Suksesi pemilu presiden berikutnya, pasca rezim SBY-Boediono, akan berlangsung tahun 2014. Bagi masyarakat awam, tahun 2014 itu masih lama. Tapi, bagi para politikus, tahun tersebut sudah di depan mata. Tidak perlu heran bila gegap gempita wacana capres-cawapres tahun 2014 berseliweran di media dan mulut-mulut elite politik.
Salah satu orang yang digadang-gadang menjadi calon orang nomor satu di Republik ini adalah Ketua Umum Partai Golongan Karya Aburizal Bakrie, yang akrab disapa Ical. Setidaknya dia dijagokan oleh partai Partai Golkar yang dipimpinnya. Merespon dukungan ini, Ical pun mulai bergerilya mencari kekuatan yang dianggap mampu menyokong ambisinya jadi presiden. Sejauh ini, sejumlah purnawirawan jenderal telah berhasil dirangkul Ical (baca di sini).
Para purnawirawan jenderal yang dimaksud adalah Jenderal (purnawirawan) Luhut Panjaitan, Jenderal (purnawirawan) Subagyo Hadisiswoyo, Jenderal (purnawirawan) Fahrul Rozi, Letnan Jenderal (purnawirawan) Johny Lumintang, Letnan Jenderal (purnawirawan) Sumardi, Letnan Jenderal (purnawirawan) Agus Widjojo, dan Letnan Jenderal (purnawirawan) Suaidi Marasabessy. Bahkan Kepala Staf Angkatan Darat, Pramono Edhie Wibowo, yang adalah adik kandung Ani SBY, juga disebut-sebut diincar Ical untuk menjadi calon wapresnya (baca di sini)

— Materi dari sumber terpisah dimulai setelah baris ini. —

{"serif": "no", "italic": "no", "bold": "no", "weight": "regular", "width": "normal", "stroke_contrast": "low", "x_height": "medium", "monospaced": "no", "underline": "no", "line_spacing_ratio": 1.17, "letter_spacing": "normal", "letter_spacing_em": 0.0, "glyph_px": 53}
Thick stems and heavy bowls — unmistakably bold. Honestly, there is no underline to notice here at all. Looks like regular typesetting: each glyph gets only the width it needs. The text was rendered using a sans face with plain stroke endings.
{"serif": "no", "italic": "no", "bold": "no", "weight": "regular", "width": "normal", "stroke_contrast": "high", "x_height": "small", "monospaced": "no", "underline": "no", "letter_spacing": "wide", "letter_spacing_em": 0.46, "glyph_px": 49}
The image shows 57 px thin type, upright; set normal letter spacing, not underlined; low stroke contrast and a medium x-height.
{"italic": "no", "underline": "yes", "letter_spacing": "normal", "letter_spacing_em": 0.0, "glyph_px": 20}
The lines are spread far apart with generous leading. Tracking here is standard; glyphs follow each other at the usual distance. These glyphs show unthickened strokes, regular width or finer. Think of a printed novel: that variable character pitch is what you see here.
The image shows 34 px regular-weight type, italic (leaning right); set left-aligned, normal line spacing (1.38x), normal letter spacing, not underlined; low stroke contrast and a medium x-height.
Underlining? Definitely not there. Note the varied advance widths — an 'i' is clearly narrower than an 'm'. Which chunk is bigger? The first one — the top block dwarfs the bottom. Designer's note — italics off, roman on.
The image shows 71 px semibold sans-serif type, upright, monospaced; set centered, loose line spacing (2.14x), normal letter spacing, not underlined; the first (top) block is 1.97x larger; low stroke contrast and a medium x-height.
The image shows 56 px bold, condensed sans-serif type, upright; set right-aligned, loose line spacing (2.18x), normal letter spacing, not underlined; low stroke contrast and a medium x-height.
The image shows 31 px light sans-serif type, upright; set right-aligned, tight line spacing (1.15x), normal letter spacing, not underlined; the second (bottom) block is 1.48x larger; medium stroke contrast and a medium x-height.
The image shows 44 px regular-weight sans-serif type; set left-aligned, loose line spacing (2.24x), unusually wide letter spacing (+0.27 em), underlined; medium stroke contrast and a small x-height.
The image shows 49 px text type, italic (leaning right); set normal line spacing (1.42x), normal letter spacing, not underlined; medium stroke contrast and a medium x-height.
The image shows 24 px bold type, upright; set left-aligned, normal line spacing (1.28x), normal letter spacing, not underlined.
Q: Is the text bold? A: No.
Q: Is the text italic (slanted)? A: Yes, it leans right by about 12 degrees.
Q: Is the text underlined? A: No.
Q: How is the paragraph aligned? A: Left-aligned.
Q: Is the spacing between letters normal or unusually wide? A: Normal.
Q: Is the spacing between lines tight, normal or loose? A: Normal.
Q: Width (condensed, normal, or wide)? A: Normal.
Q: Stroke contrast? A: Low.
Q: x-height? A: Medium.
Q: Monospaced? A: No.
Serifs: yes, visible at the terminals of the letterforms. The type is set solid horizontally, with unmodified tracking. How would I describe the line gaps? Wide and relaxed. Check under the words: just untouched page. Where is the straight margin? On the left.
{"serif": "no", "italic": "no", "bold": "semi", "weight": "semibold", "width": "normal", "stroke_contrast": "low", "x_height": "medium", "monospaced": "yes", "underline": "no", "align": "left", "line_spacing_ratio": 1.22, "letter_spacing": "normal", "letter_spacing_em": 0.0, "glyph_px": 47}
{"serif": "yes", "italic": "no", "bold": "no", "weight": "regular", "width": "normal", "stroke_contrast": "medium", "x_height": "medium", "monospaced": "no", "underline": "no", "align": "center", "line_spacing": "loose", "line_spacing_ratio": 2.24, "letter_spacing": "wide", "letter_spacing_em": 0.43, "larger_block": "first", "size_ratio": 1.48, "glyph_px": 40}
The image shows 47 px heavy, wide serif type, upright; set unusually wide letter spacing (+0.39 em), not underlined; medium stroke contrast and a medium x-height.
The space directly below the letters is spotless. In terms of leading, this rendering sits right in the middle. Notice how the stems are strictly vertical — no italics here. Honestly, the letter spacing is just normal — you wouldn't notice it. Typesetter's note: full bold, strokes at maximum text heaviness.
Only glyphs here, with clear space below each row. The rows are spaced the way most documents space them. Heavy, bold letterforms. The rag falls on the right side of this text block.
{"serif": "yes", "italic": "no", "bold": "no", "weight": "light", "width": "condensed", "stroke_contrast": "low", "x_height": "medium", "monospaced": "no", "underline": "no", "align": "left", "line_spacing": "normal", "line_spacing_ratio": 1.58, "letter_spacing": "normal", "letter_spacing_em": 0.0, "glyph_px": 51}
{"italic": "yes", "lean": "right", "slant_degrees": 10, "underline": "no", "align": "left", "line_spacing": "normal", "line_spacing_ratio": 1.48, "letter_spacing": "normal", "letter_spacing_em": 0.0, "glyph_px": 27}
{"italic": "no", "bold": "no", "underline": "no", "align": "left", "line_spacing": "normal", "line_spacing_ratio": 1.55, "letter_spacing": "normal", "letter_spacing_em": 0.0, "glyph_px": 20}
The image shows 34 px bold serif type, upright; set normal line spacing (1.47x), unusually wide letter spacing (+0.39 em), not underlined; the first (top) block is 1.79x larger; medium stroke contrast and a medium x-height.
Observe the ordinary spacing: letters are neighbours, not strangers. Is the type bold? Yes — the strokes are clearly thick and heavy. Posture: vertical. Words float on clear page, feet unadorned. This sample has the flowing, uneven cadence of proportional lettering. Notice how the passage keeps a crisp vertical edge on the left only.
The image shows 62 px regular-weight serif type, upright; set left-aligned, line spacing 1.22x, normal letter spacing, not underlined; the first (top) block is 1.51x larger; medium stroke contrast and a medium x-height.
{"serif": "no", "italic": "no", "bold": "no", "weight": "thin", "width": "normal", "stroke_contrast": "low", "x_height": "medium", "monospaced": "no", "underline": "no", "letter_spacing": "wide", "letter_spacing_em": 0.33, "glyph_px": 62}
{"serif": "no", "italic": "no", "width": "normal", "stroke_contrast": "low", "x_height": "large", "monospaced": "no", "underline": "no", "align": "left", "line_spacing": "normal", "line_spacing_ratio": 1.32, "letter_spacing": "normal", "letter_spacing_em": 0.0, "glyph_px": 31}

Pertanyaannya, apakah ini akan menjadi garansi Ical akan menang pada pilpres 2014 itu? Saya kira tidak. Itu tidak menjadi jaminan. Para jenderal yang dirangkul itu bukanlah figur-figur publik yang populer. Paling banter mereka lebih terkenal di kalangan para tentara. Mungkin pangkat “jenderal” itu memang menjadi nilai lebih, soalnya persepsi publik terhadap seorang jenderal selalu dikaitkan dengan sosok yang, antara lain tegas, kuat, gesit, berwibawa, memiliki jiwa kepemimpinan, dan seterusnya. Namun, publik akan sadar bahwa gambaran seperti itu tidak selalu benar. Sosok Presiden SBY menjadi contoh untuk itu. Dia sering dikritik karena dianggap lamban, lembek, dan tidak tegas.
Persoalan yang jauh lebih rumit adalah rekam jejak Ical sendiri. Ia tidak akan lepas dari belitan sejumlah kasus yang diduga terkait dengan bisnis Bakrie Group. Kasus dugaan penggemplangan pajak dan masalah lumpur Lapindo bisa kita ambil sebagai contoh. Berkali-kali memang Ical menegaskan bahwa bisnis Grup Bakrie tidak ada kaitannya dengan kiprahnya di dunia politik. Namun, bantahan itu absurd bagi publik. Tambahan lagi, bukan tidak mungkin lawan politiknya bahkan akan menjadikan sejumlah kasus itu sebagai bahan “kampanye hitam”.
Kalau memakai analisis seperti di atas, kehadiran para jenderal tidak akan mampu meloloskan Ical sebagai the next presiden. Tapi, politik itu elastis, felksibel dan susah untuk diduga. Politik adalah the art of possibility. Bisa saja Ical akan sukses meraih ambisinya menjadi presiden RI. Dengan bantuan para mantan jenderal, ia menjadi orang RI-1 pertama di negeri ini yang berasal dari lingkaran “pengusaha”.